— У вас ко мне еще что-нибудь? — спросил комиссар.
Надо было видеть, как наш комиссар с трудом удерживался от смеха. А справившись с собой, сказал:
— Ладно. Я и сам вижу, что подзапустил с вами мои дела. Спасибо, что напомнили. Ходить с вами не буду, но при малейшем отступлении от правил строя — не прогневайтесь, не отстану от вас, пока из парней не сделаю воинов. Поклон товарищам.
Должен заметить, что за время совместной службы комиссар курсов ни разу не упрекнул напрасно кого-нибудь из курсантов. Он очень ценил нас, молодых, преданных Советской Республике будущих красных командиров…
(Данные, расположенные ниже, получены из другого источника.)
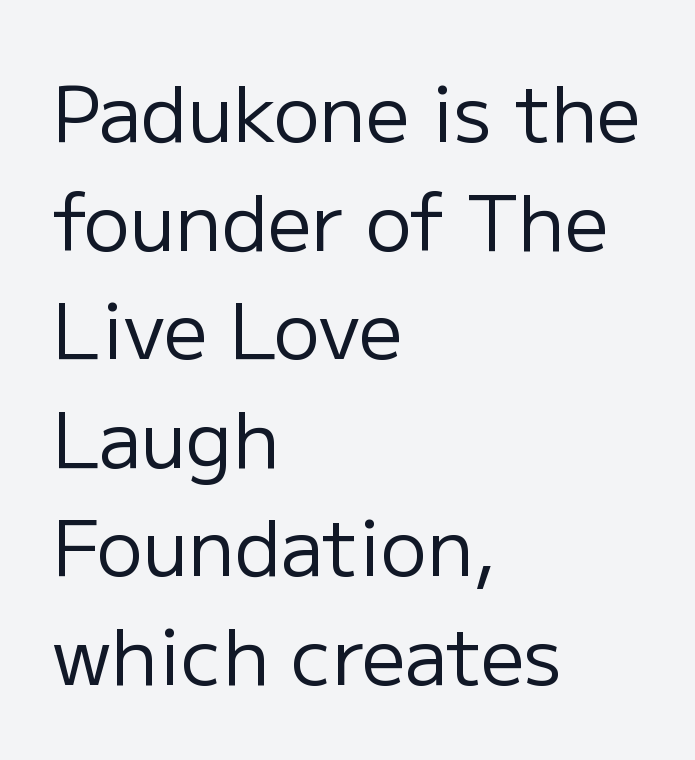
{"serif": "no", "italic": "no", "bold": "no", "weight": "regular", "width": "normal", "stroke_contrast": "low", "x_height": "medium", "monospaced": "no", "underline": "no", "align": "left", "line_spacing": "normal", "line_spacing_ratio": 1.41, "letter_spacing": "normal", "letter_spacing_em": 0.0, "glyph_px": 77}
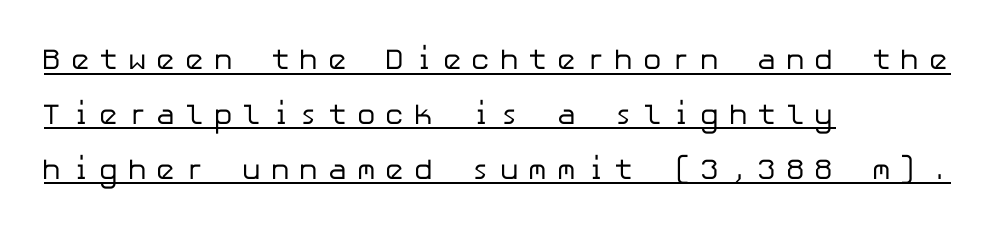
In CSS terms this would be text-align: left. No feet cap the strokes, marking this as sans-serif type. The rendering uses the underline text-decoration. Each word looks stretched out because of the extra space between its letters.

…Я весьма горжусь тем, что ваш пионерский отряд носит имя славного человека — Василия Дмитриевича Авсюкевича…
Ф. Шевченко».
Ответ ребят я пробежала сначала по диагонали: был он обычным, со всеми приличествующими случаю словами. Но вдруг…
«Как хорошо, — писали ребята, — что есть люди, которые хранят в памяти героическое прошлое нашей страны, сами активные участники событий, так помнят других…»
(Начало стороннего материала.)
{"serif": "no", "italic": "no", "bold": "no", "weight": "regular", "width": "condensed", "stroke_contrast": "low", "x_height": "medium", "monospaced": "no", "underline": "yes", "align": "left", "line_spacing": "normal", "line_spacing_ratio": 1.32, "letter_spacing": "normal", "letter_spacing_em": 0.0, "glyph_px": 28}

Всегда ли мы задумываемся, как проявляется человек в том, что и как он помнит о других людях?
Мы говорим молодым людям: «Помните!» Но разве не лучший урок для них то, как помним сами?
Федор Иванович помнит очень многих. (Судьба свела его с людьми удивительными: работал с Жуковым, знал Карбышева…) Обо всех теперь рассказывает, пишет, стремясь как можно полнее обрисовать эти образы. И как-то забываешь: он ведь сам участник стольких событий, интересных и важных! Он, собственно, и об этом рассказывает. Но не это для него главное. Главное — донести тепло живой памяти о людях и событиях, потому что если не он, то кто же это сделает?
Письмо о мужестве
Наташа в тот год долго болела. Сначала дома, потом в больнице. Вдалеке от родных спасалась только книгами и письмами. Ее то обещали выписать, то назначали новые сроки. И когда перенесли очередной срок, она совсем расстроилась. И написала Федору Ивановичу. Длинное вышло письмо. А в конце вопрос:
«У меня слабый характер. Плачу часто. Как быть мужественной, Федор Иванович? Я бы хотела быть похожей на Вас…
Наташа».
В свое время, знакомясь с перепиской Герцена с детьми, я обратила внимание на строки: «Ты наконец дошел до недовольства собой. — Это первый шаг для выхода из праздной неопределенности. Если ты серьезно вызовешь силу воли… ты начнешь совершеннолетнюю жизнь… человеком, твердо идущим, на твердых нравственных основах».
Ты дошел до недовольства собой… Существование свое человек начинает с самоутверждения и много позже приходит к недовольству собой. И несет первое в себе сомнение самому близкому — отцу, матери, старшему другу… И ждет приговора, и ждет совета, но больше всего понимания.